Average Weekly Mileage (last 12 months): 25-40
Favorite Local Race: Every local race (because it's local): Santa Barbara County Triathlon. It was the first triathlon I did and it got me hooked on running, swimming and cycling.
Most Memorable Running Experience: Running with my dog on the beach at sunset. I know it sounds corny but seeing the look in her eyes as she's chasing birds in and out of the water, the sun going down, and the warm tailwind on the way home is unforgettable. Of course, watching her limp home and then having to carry her to bed is also unforgettable.

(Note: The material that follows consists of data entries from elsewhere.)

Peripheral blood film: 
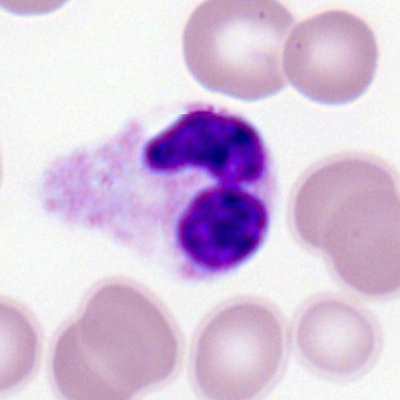
Morphological class: polymorphonuclear neutrophil.
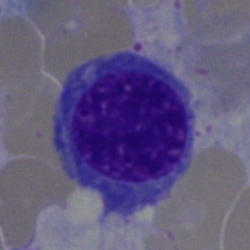

Morphological class: normoblast.
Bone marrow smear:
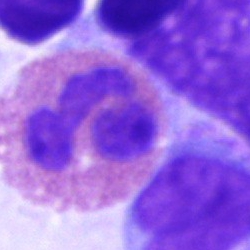Specimen: bone marrow aspirate smear.
Morphological class: eosinophilic granulocyte.
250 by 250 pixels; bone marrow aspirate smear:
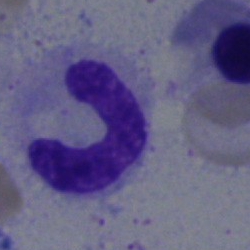Showing a band neutrophil.
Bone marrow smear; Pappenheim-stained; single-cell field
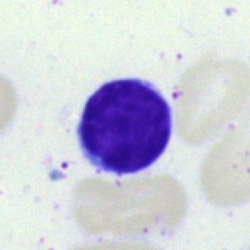Morphological class — lymphocyte.
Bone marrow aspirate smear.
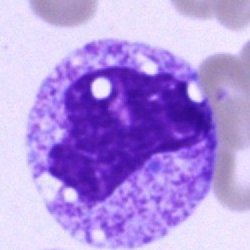
Morphology — neutrophil (segmented).
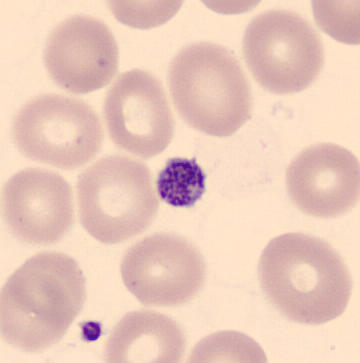

Cell type = thrombocyte.
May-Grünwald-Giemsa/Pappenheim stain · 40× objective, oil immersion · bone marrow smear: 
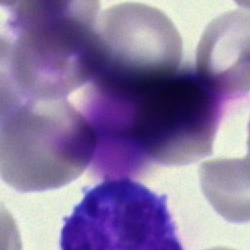This is an artifact.
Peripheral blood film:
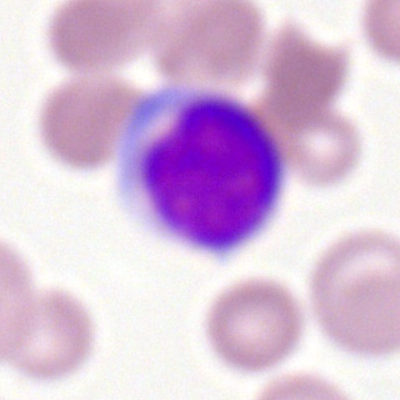
This is a lymphocyte.
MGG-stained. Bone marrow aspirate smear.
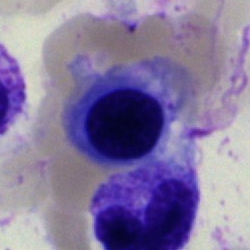Morphology → erythroblast.
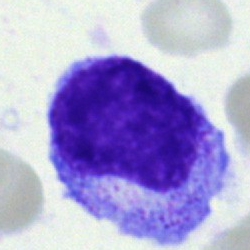

Cell — myelocyte.
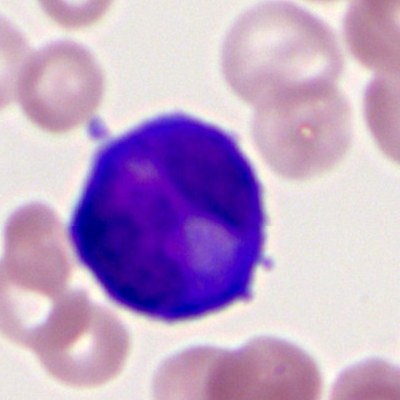 Morphology → promyelocyte (bilobed).
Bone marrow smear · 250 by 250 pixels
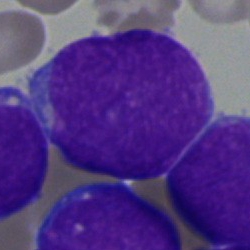
Single cell identified as a blast.
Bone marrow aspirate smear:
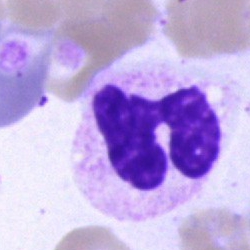 This is a neutrophil (segmented).
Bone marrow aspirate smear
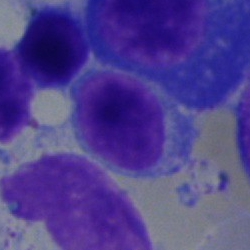
Morphological class — typical lymphocyte.
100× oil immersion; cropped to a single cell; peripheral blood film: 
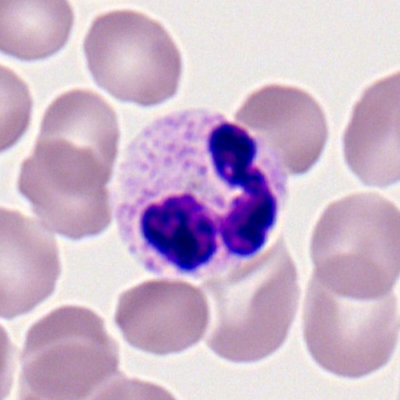 Q: What cell is this?
A: This is a segmented neutrophil.
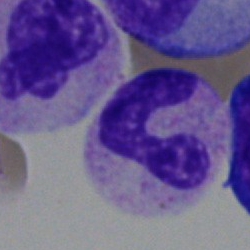Bone marrow smear showing a polymorphonuclear neutrophil.
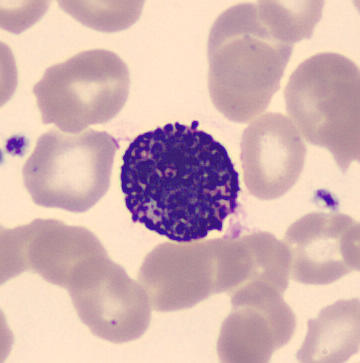

Single cell identified as a basophilic granulocyte.
Peripheral blood film.
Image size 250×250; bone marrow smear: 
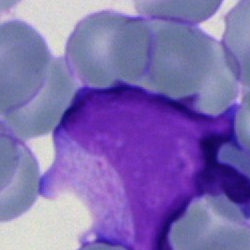Cell: blast.
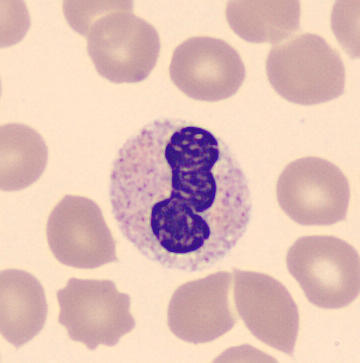Specimen: peripheral blood film.
Classification: neutrophil (segmented).
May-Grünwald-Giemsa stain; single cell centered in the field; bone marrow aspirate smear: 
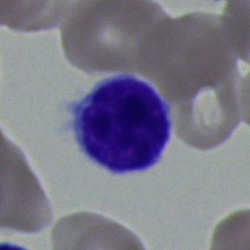 Q: Identify the cell.
A: It is a typical lymphocyte.
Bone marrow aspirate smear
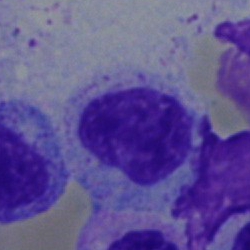

Specimen: bone marrow aspirate smear.
Cell type: myelocyte.
Lineage: myeloid.
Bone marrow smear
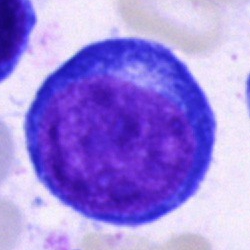

Specimen: bone marrow smear.
Cell: proerythroblast.
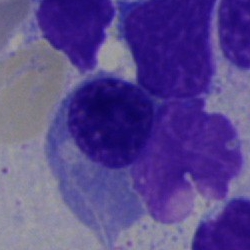 A normoblast on a bone marrow smear.
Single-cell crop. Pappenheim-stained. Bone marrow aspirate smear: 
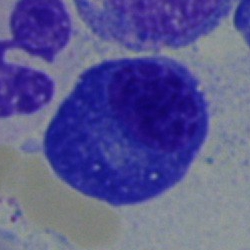
Classification: plasma cell.
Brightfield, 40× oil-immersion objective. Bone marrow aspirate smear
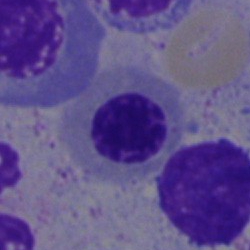 Morphology — nucleated red blood cell.
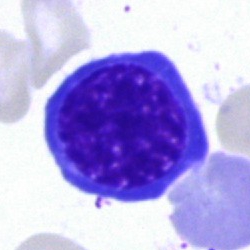An erythroblast on a bone marrow smear.
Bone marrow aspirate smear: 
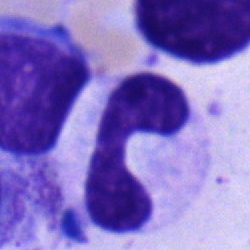
The morphological class is neutrophil (band).
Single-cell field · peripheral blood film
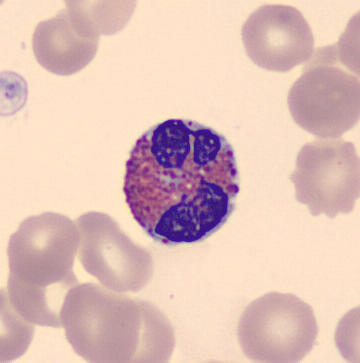

Identified as an eosinophilic granulocyte.
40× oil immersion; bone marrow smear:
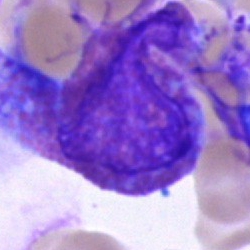

Classification: eosinophil.
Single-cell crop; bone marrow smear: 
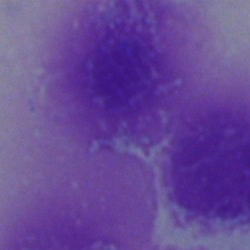
Q: What is shown here?
A: An artifact.
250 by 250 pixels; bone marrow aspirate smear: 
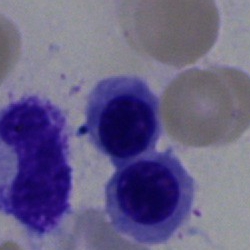
Single cell identified as an erythroblast.
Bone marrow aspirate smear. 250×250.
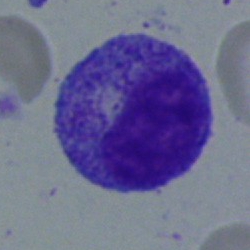

Cell type: myelocyte.
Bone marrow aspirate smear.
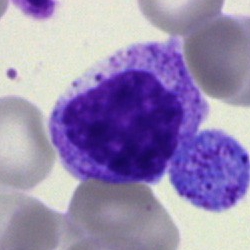 Morphology → myelocyte.
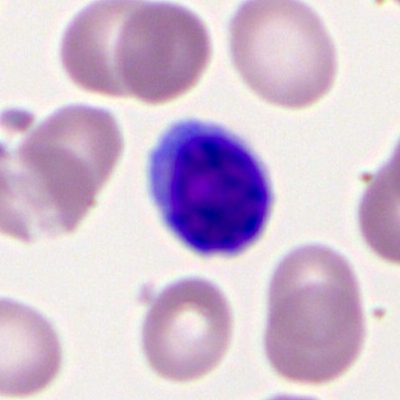Morphology — typical lymphocyte.
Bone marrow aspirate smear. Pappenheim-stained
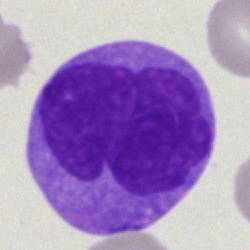

Q: Which cell type is shown here?
A: Blast.
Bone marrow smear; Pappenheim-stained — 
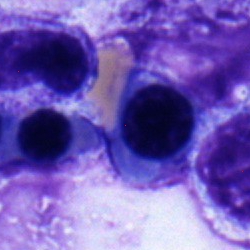

Showing a nucleated red cell.
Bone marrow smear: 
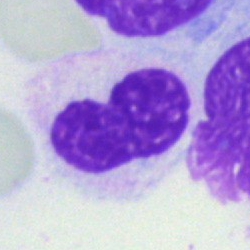Q: What type of cell is this?
A: A neutrophil (band).
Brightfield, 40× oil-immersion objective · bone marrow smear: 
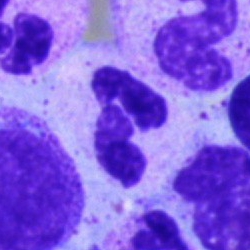 Specimen: bone marrow aspirate smear.
Cell: polymorphonuclear neutrophil.
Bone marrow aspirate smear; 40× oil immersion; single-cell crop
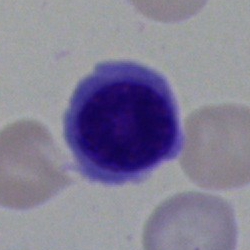

Q: What cell is this?
A: This is a normoblast.
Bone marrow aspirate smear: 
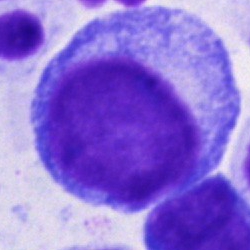Specimen: bone marrow smear.
Classification: progranulocyte.
Lineage: myeloid.
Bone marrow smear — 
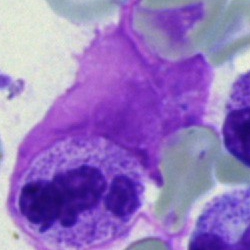 Polymorphonuclear neutrophil.
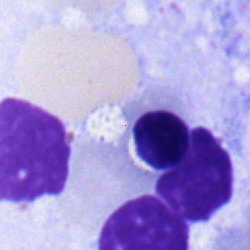
{"cell_type": "erythroblast", "lineage": "erythroid"}
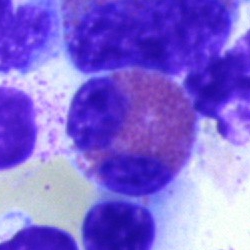 Q: Identify the cell.
A: It is an eosinophil.
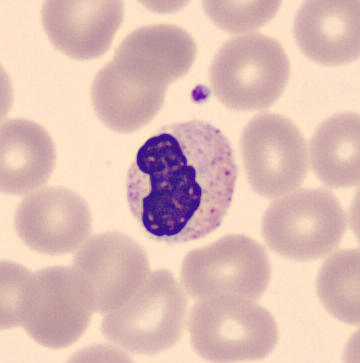 Single-cell crop from a peripheral blood smear: band neutrophil.
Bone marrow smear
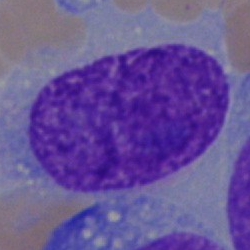
Morphology — undifferentiated blast.
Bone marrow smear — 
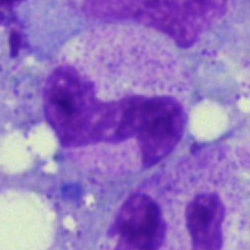
The cell type is neutrophil (band).
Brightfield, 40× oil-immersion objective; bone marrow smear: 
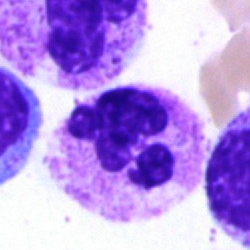Showing a segmented neutrophil.
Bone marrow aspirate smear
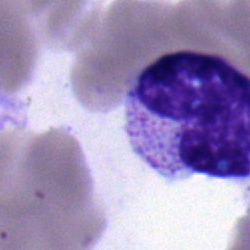 The cell shown is a metamyelocyte.
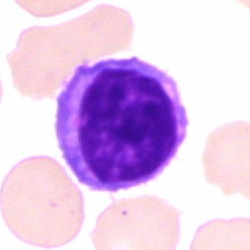Cell — typical lymphocyte.
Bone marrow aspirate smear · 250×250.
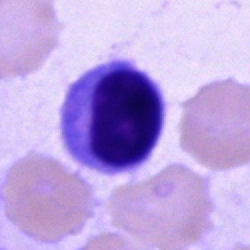This is a lymphocyte.
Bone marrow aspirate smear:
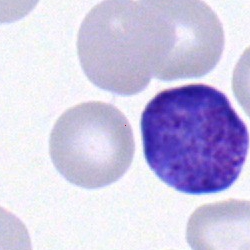Typical lymphocyte.
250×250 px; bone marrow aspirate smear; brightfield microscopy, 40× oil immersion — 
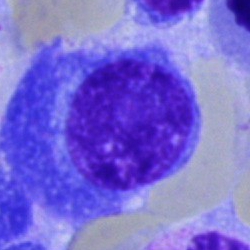 Cell: plasmacyte.
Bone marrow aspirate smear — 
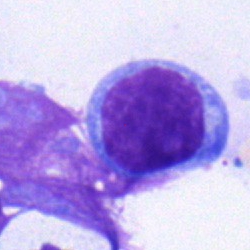Single cell identified as a lymphocyte.
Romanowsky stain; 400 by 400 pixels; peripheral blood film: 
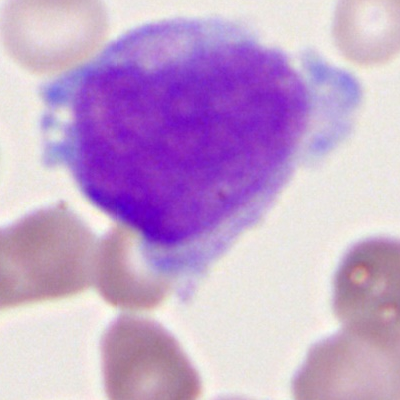
Specimen: peripheral blood film.
Morphological class: monocyte.
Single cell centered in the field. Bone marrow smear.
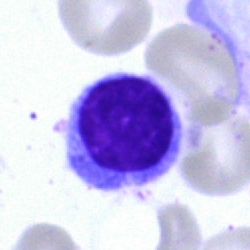
Q: What is shown here?
A: Lymphocyte.
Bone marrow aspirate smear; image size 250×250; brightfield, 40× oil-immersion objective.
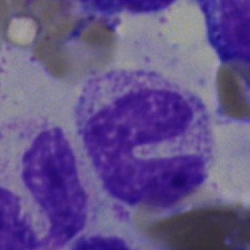 The cell type is segmented neutrophil.
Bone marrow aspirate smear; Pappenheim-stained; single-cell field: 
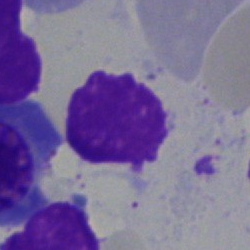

Favorite Place to Run: It was the Wilcox Property until the City Council forgot that they were working for the majority and eventually caved to certain individuals with hidden agendas. The green plastic fencing really adds to the beauty of the area. I do enjoy running on the Beach (anywhere between Ledbetter and More Mesa)
Glory Days PR: My Glory Days have nothing to do with running so I don't have a "glory days" PR. I did have some college lacrosse glory days, but since this isn't for sblacrosse.org I won't bore you.
Realistic Running Goals for this Year: To run an even paced race, not going out too hard and having something left for the finish (maybe this one should be under wildly optimistic).
Wildly Optimistic Running Goals for this year: I'd like to get faster with less training.
Lifetime Running Goals: To be able to run throughout my lifetime.

Local Running Heroes & Why: Hero is a word that should be used only for those who put themselves in harms way with disregard for there own life in an effort help others. I do admire this white-haired (just being descriptive for you PC police) older couple who run up and down Shoreline early in the AM. They must be 70+ and they're always running together (she's usually one step ahead). Anyone know how long they have been running together? I hope that my wife and I can still run together into our golden years.
Personal Training Tips: Save the race efforts for racing. No one cares who wins during training.
Why I Run: I run because it's fun and it keeps the weight off.
I love runners who: can keep their sense of humor when the pace gets uncomfortable and who are humble
I don't care for runners who: feel the need to discuss their splits and training regimen at nauseam

Suggestions for local races: How about some cross country/trail races that are less than 35 miles?
Suggestions for SBAA: Liven up the uniform with SBAA decorative Gail Dever's clip on nails.
My views on: Excuses. Don't make any. If you're not happy with your results, then say you're not happy but don't use an excuse on why you didn't run as fast or meet your goal time. If you're looking for excuses to use go to any triathlon. Triathletes will usually give the excuses before the race and then fulfill the prophecy. You'll get to hear it twice.

Add Anything: If you have to volunteer your race results then it's not worth talking about. Only if someone asks do they care.
Favorite Quote: It's better to remain silent and thought a fool than to open one's mouth and remove all doubt.